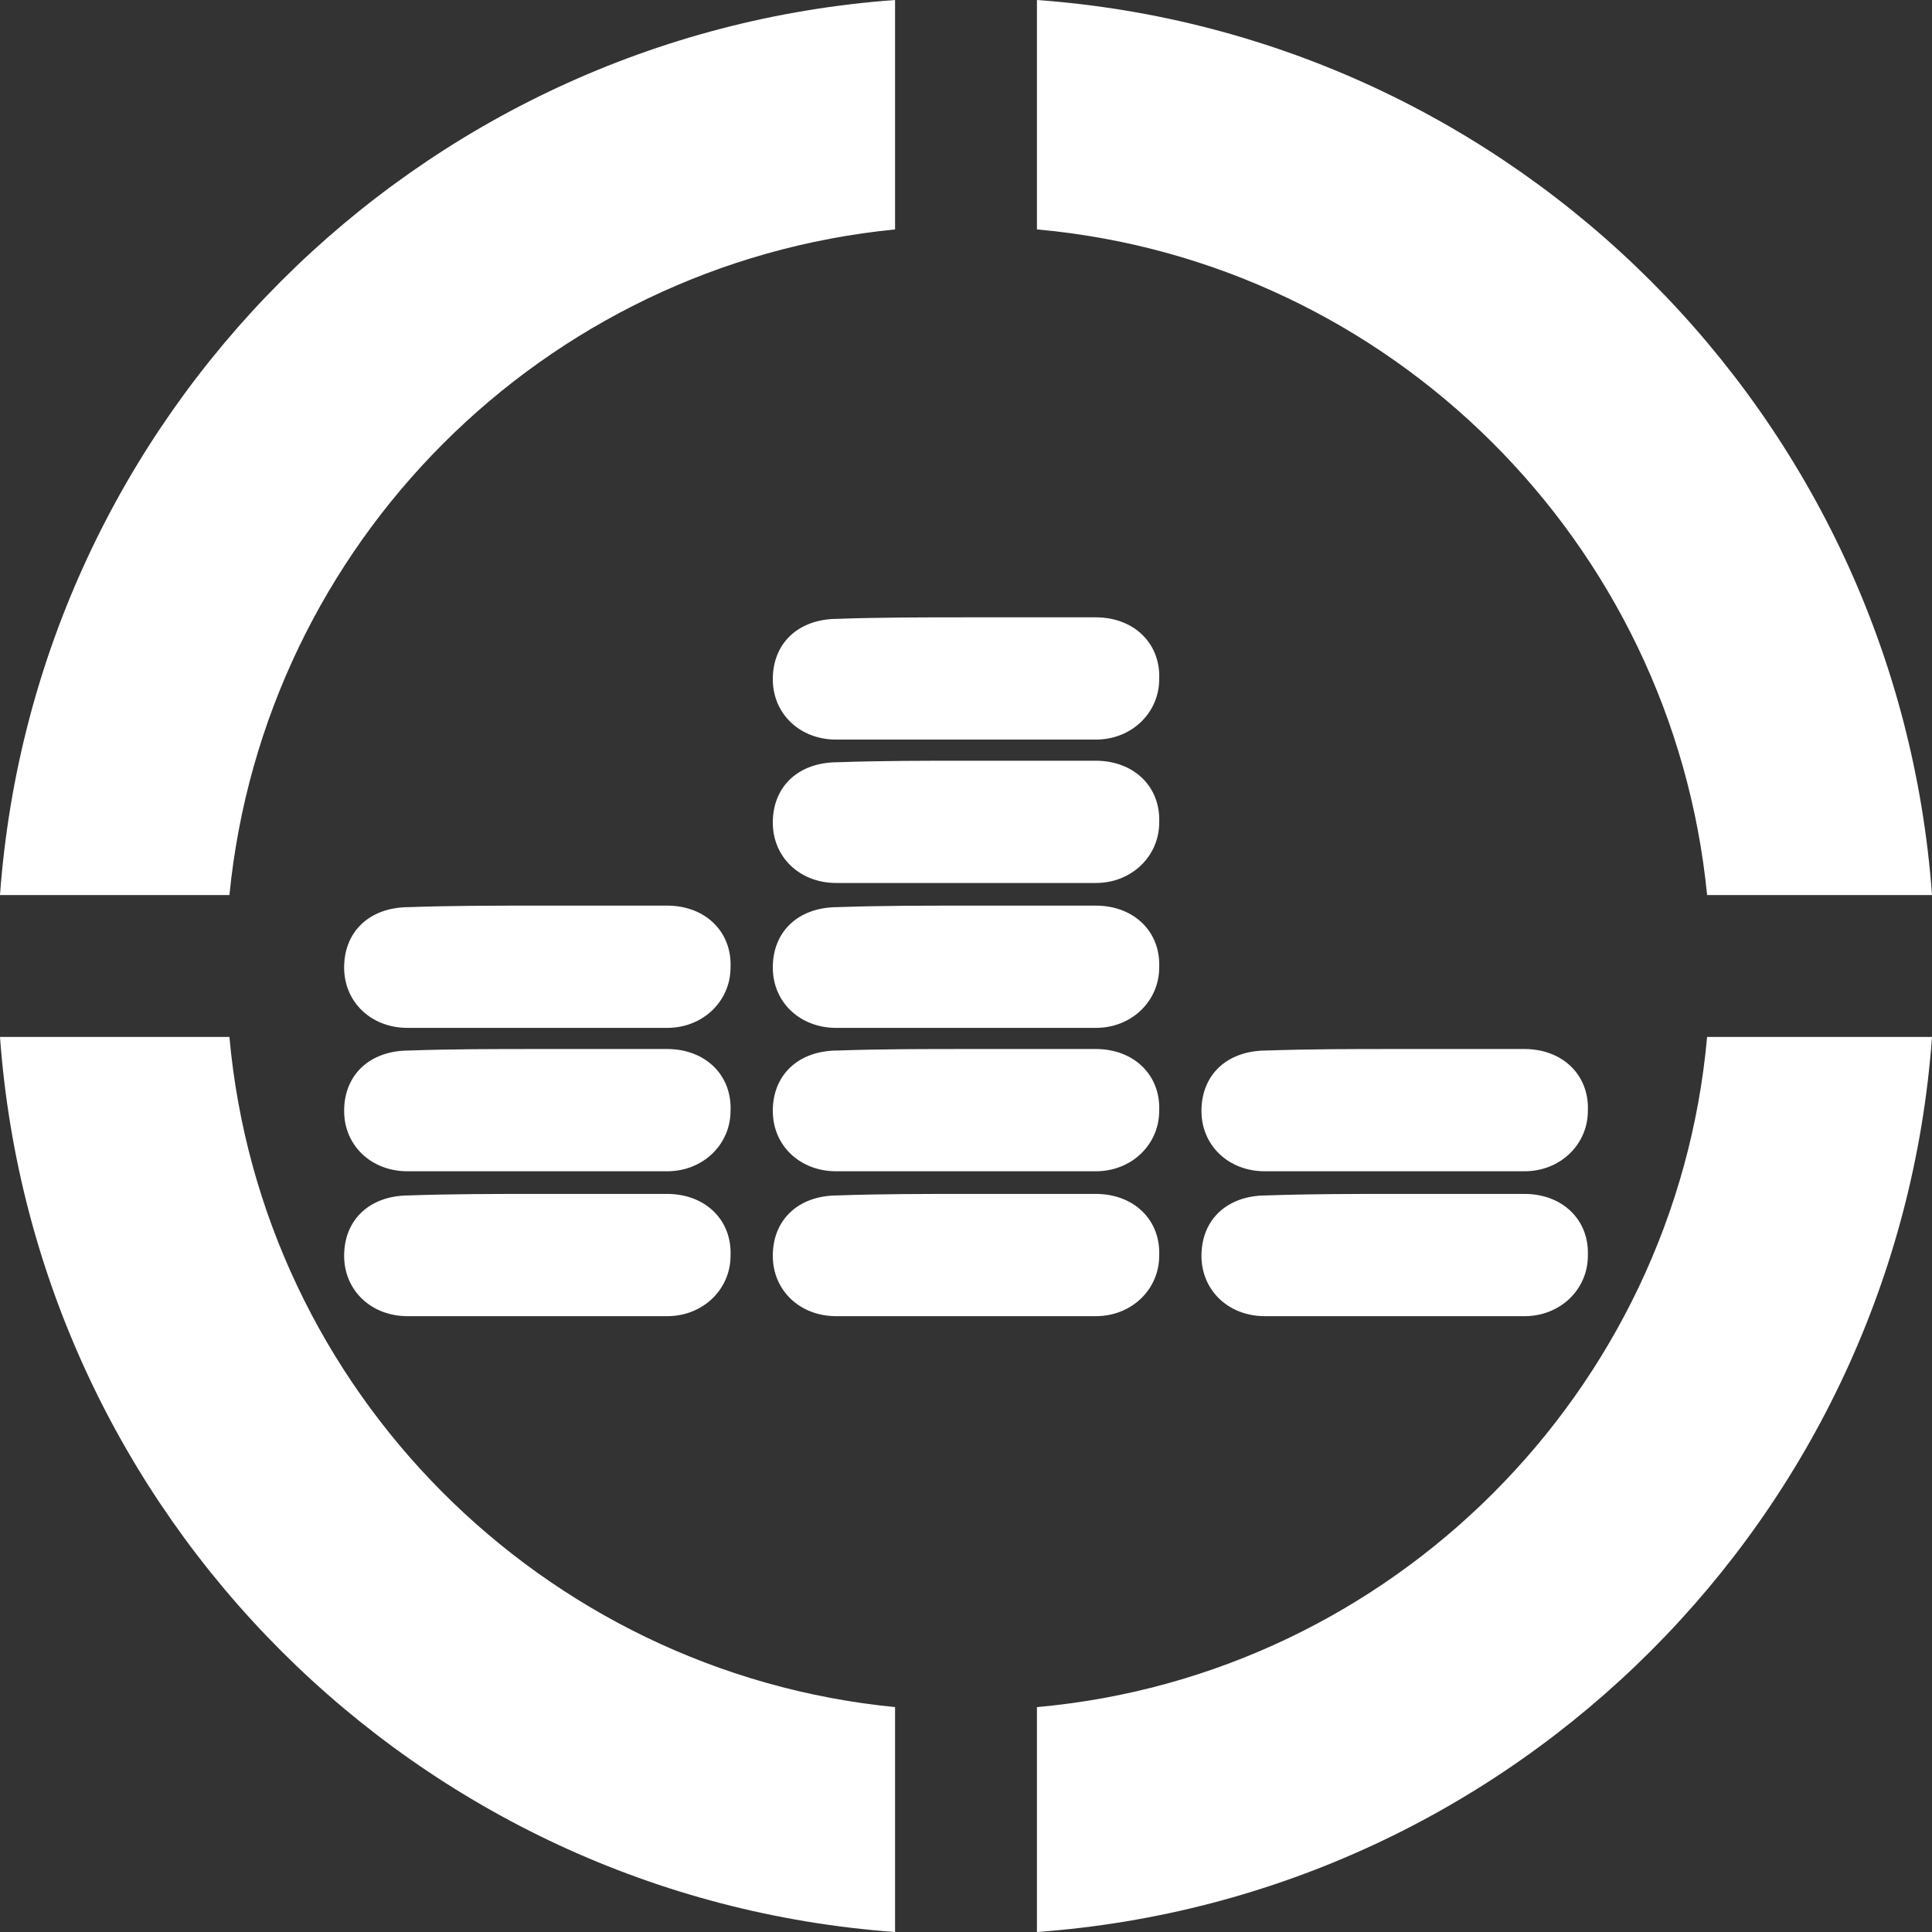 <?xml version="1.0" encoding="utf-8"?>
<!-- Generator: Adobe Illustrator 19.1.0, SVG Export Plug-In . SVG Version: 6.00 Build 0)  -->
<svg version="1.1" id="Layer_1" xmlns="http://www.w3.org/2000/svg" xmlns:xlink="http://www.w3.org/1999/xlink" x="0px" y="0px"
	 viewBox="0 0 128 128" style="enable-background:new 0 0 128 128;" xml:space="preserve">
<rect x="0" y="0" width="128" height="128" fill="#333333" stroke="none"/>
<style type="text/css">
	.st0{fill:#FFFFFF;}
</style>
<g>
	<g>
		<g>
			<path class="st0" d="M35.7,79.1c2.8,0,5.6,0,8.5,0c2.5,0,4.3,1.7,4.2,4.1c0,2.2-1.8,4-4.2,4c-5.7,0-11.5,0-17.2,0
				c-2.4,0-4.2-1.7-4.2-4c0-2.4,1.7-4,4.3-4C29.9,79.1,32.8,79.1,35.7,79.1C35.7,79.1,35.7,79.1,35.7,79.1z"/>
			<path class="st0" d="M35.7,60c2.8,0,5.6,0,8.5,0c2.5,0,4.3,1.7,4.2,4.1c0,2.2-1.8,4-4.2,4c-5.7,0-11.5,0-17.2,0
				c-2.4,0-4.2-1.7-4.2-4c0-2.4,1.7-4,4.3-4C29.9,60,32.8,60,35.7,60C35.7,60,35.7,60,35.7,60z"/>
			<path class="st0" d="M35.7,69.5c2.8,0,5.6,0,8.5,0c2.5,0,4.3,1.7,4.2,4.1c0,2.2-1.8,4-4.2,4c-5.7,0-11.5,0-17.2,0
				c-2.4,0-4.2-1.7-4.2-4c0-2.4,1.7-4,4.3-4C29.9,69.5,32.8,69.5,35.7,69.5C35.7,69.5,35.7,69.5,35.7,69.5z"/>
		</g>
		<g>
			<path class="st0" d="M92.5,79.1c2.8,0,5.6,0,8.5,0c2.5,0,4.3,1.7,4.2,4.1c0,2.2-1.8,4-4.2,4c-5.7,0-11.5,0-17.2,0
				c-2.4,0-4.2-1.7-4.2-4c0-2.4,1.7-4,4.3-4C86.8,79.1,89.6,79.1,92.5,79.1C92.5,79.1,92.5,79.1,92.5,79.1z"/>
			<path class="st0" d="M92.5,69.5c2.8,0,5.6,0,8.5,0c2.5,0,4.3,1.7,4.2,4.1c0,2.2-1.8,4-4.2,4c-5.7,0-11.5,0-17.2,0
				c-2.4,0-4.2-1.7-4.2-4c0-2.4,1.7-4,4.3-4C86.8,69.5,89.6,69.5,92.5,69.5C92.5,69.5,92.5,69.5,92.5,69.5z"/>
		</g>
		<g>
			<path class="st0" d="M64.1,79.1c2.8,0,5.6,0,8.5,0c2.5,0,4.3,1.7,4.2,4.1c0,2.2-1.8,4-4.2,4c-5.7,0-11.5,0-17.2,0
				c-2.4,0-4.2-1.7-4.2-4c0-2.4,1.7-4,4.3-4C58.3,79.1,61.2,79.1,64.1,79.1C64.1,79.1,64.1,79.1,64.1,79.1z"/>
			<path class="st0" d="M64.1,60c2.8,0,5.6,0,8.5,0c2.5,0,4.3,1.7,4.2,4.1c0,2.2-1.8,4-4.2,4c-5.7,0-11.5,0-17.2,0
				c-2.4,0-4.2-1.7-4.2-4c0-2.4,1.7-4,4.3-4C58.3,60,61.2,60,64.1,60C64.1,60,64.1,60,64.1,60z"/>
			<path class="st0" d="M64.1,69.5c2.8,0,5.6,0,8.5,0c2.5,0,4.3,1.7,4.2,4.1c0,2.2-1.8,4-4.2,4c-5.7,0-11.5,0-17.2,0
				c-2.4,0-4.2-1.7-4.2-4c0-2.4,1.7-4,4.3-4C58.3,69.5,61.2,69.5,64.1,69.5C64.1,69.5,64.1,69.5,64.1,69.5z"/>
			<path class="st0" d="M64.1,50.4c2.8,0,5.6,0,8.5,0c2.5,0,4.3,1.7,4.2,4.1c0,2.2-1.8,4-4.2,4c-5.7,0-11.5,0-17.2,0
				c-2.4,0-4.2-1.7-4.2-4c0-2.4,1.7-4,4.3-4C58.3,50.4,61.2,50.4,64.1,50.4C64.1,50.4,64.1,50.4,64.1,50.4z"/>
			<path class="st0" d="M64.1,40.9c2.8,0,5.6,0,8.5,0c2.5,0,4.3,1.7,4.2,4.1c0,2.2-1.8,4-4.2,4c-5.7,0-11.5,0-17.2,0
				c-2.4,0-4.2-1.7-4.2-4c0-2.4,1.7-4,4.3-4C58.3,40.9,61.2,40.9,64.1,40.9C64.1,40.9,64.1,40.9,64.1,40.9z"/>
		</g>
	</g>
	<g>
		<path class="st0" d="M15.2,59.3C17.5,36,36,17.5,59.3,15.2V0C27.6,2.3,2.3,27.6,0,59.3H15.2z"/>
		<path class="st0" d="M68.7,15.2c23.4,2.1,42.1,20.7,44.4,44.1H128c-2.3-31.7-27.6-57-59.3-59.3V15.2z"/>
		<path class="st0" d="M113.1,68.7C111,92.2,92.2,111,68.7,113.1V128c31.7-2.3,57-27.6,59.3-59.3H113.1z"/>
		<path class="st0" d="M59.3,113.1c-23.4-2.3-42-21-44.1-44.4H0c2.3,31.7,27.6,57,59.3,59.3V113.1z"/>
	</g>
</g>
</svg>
● ● ●
__EXERCISE GOAL__. Copy out the material word for word, without any images.

__ANSWER TO THE EXERCISE__.
 <?xml version="1.0" encoding="utf-8"?>
<!-- Generator: Adobe Illustrator 19.1.0, SVG Export Plug-In . SVG Version: 6.00 Build 0)  -->
<svg version="1.1" id="Layer_1" xmlns="http://www.w3.org/2000/svg" xmlns:xlink="http://www.w3.org/1999/xlink" x="0px" y="0px"
	 viewBox="0 0 128 128" style="enable-background:new 0 0 128 128;" xml:space="preserve">
<rect x="0" y="0" width="128" height="128" fill="#333333" stroke="none"/>
<style type="text/css">
	.st0{fill:#FFFFFF;}
</style>
<g>
	<g>
		<g>
			<path class="st0" d="M35.7,79.1c2.8,0,5.6,0,8.5,0c2.5,0,4.3,1.7,4.2,4.1c0,2.2-1.8,4-4.2,4c-5.7,0-11.5,0-17.2,0
				c-2.4,0-4.2-1.7-4.2-4c0-2.4,1.7-4,4.3-4C29.9,79.1,32.8,79.1,35.7,79.1C35.7,79.1,35.7,79.1,35.7,79.1z"/>
			<path class="st0" d="M35.7,60c2.8,0,5.6,0,8.5,0c2.5,0,4.3,1.7,4.2,4.1c0,2.2-1.8,4-4.2,4c-5.7,0-11.5,0-17.2,0
				c-2.4,0-4.2-1.7-4.2-4c0-2.4,1.7-4,4.3-4C29.9,60,32.8,60,35.7,60C35.7,60,35.7,60,35.7,60z"/>
			<path class="st0" d="M35.7,69.5c2.8,0,5.6,0,8.5,0c2.5,0,4.3,1.7,4.2,4.1c0,2.2-1.8,4-4.2,4c-5.7,0-11.5,0-17.2,0
				c-2.4,0-4.2-1.7-4.2-4c0-2.4,1.7-4,4.3-4C29.9,69.5,32.8,69.5,35.7,69.5C35.7,69.5,35.7,69.5,35.7,69.5z"/>
		</g>
		<g>
			<path class="st0" d="M92.5,79.1c2.8,0,5.6,0,8.5,0c2.5,0,4.3,1.7,4.2,4.1c0,2.2-1.8,4-4.2,4c-5.7,0-11.5,0-17.2,0
				c-2.4,0-4.2-1.7-4.2-4c0-2.4,1.7-4,4.3-4C86.8,79.1,89.6,79.1,92.5,79.1C92.5,79.1,92.5,79.1,92.5,79.1z"/>
			<path class="st0" d="M92.5,69.5c2.8,0,5.6,0,8.5,0c2.5,0,4.3,1.7,4.2,4.1c0,2.2-1.8,4-4.2,4c-5.7,0-11.5,0-17.2,0
				c-2.4,0-4.2-1.7-4.2-4c0-2.4,1.7-4,4.3-4C86.8,69.5,89.6,69.5,92.5,69.5C92.5,69.5,92.5,69.5,92.5,69.5z"/>
		</g>
		<g>
			<path class="st0" d="M64.1,79.1c2.8,0,5.6,0,8.5,0c2.5,0,4.3,1.7,4.2,4.1c0,2.2-1.8,4-4.2,4c-5.7,0-11.5,0-17.2,0
				c-2.4,0-4.2-1.7-4.2-4c0-2.4,1.7-4,4.3-4C58.3,79.1,61.2,79.1,64.1,79.1C64.1,79.1,64.1,79.1,64.1,79.1z"/>
			<path class="st0" d="M64.1,60c2.8,0,5.6,0,8.5,0c2.5,0,4.3,1.7,4.2,4.1c0,2.2-1.8,4-4.2,4c-5.7,0-11.5,0-17.2,0
				c-2.4,0-4.2-1.7-4.2-4c0-2.4,1.7-4,4.3-4C58.3,60,61.2,60,64.1,60C64.1,60,64.1,60,64.1,60z"/>
			<path class="st0" d="M64.1,69.5c2.8,0,5.6,0,8.5,0c2.5,0,4.3,1.7,4.2,4.1c0,2.2-1.8,4-4.2,4c-5.7,0-11.5,0-17.2,0
				c-2.4,0-4.2-1.7-4.2-4c0-2.4,1.7-4,4.3-4C58.3,69.5,61.2,69.5,64.1,69.5C64.1,69.5,64.1,69.5,64.1,69.5z"/>
			<path class="st0" d="M64.1,50.4c2.8,0,5.6,0,8.5,0c2.5,0,4.3,1.7,4.2,4.1c0,2.2-1.8,4-4.2,4c-5.7,0-11.5,0-17.2,0
				c-2.4,0-4.2-1.7-4.2-4c0-2.4,1.7-4,4.3-4C58.3,50.4,61.2,50.4,64.1,50.4C64.1,50.4,64.1,50.4,64.1,50.4z"/>
			<path class="st0" d="M64.1,40.9c2.8,0,5.6,0,8.5,0c2.5,0,4.3,1.7,4.2,4.1c0,2.2-1.8,4-4.2,4c-5.7,0-11.5,0-17.2,0
				c-2.4,0-4.2-1.7-4.2-4c0-2.4,1.7-4,4.3-4C58.3,40.9,61.2,40.9,64.1,40.9C64.1,40.9,64.1,40.9,64.1,40.9z"/>
		</g>
	</g>
	<g>
		<path class="st0" d="M15.2,59.3C17.5,36,36,17.5,59.3,15.2V0C27.6,2.3,2.3,27.6,0,59.3H15.2z"/>
		<path class="st0" d="M68.7,15.2c23.4,2.1,42.1,20.7,44.4,44.1H128c-2.3-31.7-27.6-57-59.3-59.3V15.2z"/>
		<path class="st0" d="M113.1,68.7C111,92.2,92.2,111,68.7,113.1V128c31.7-2.3,57-27.6,59.3-59.3H113.1z"/>
		<path class="st0" d="M59.3,113.1c-23.4-2.3-42-21-44.1-44.4H0c2.3,31.7,27.6,57,59.3,59.3V113.1z"/>
	</g>
</g>
</svg>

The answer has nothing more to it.